Task to complete: Pictures aside, output each record exactly.

Data to process:
◇ ◇ ◇ ◇ ◇ ◇ ◇

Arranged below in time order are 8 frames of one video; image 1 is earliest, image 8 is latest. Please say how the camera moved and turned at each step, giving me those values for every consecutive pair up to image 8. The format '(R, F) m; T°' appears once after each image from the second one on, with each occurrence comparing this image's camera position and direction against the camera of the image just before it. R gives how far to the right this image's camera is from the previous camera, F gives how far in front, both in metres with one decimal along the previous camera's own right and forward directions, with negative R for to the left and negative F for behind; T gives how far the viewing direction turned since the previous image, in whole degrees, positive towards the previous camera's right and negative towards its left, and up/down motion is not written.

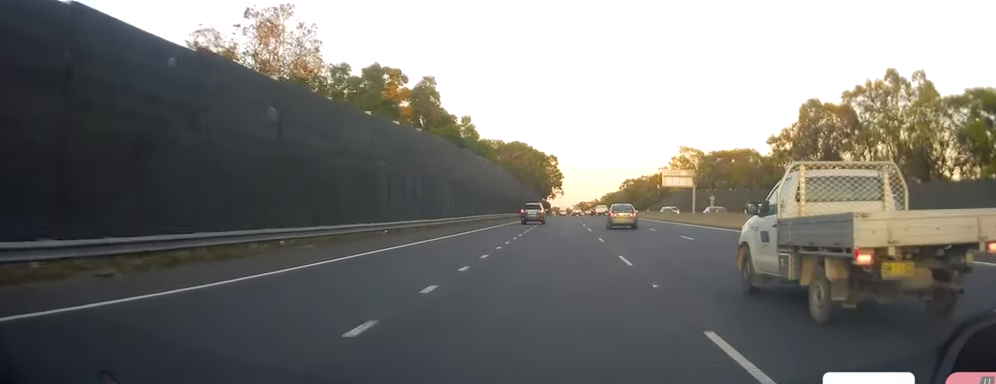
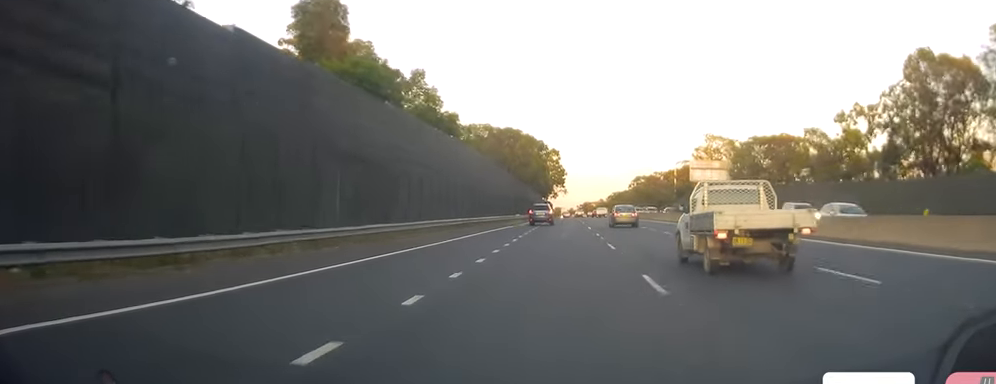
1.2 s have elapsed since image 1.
(0.0, +29.0) m; 0°
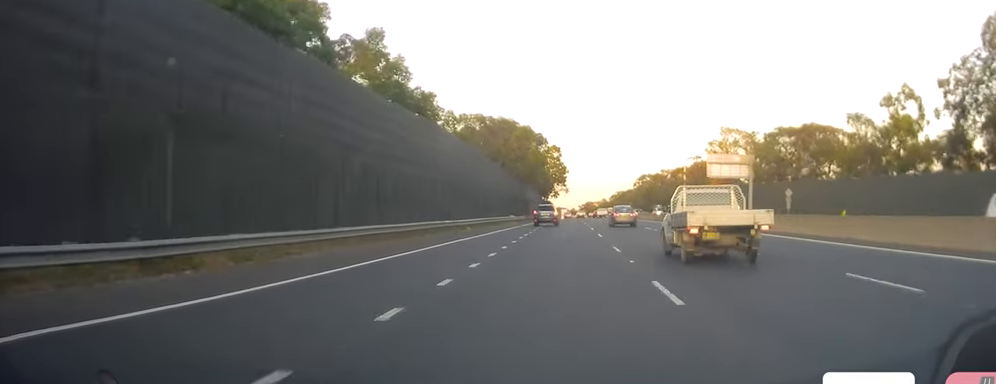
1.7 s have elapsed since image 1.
(0.0, +13.3) m; 0°
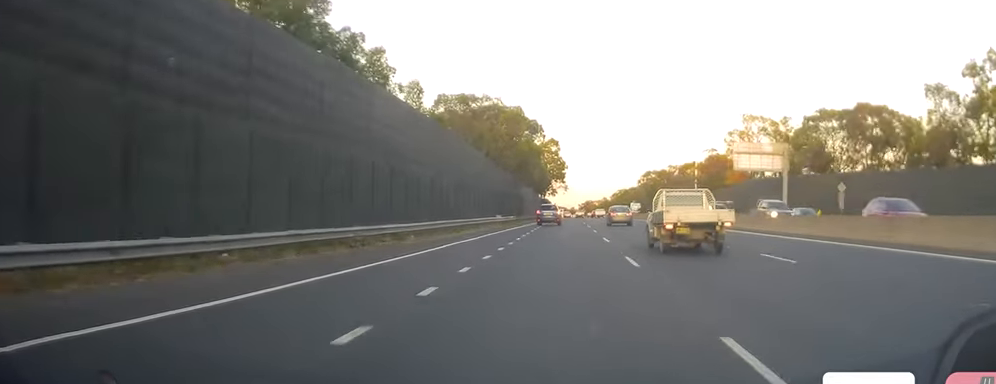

◇ ◇ ◇ ◇ ◇ ◇ ◇

Output of the task:
Arranged below in time order are 8 frames of one video; image 1 is earliest, image 8 is latest. Please say how the camera moved and turned at each step, giving me those values for every consecutive pair up to image 8. The format '(R, F) m; T°' appears once after each image from the second one on, with each occurrence comparing this image's camera position and direction against the camera of the image just before it. R gives how far to the right this image's camera is from the previous camera, F gives how far in front, both in metres with one decimal along the previous camera's own right and forward directions, with negative R for to the left and negative F for behind; T gives how far the viewing direction turned since the previous image, in whole degrees, positive towards the previous camera's right and negative towards its left, and up/down motion is not written.

1.2 s have elapsed since image 1.
(0.0, +29.0) m; 0°
1.7 s have elapsed since image 1.
(0.0, +13.3) m; 0°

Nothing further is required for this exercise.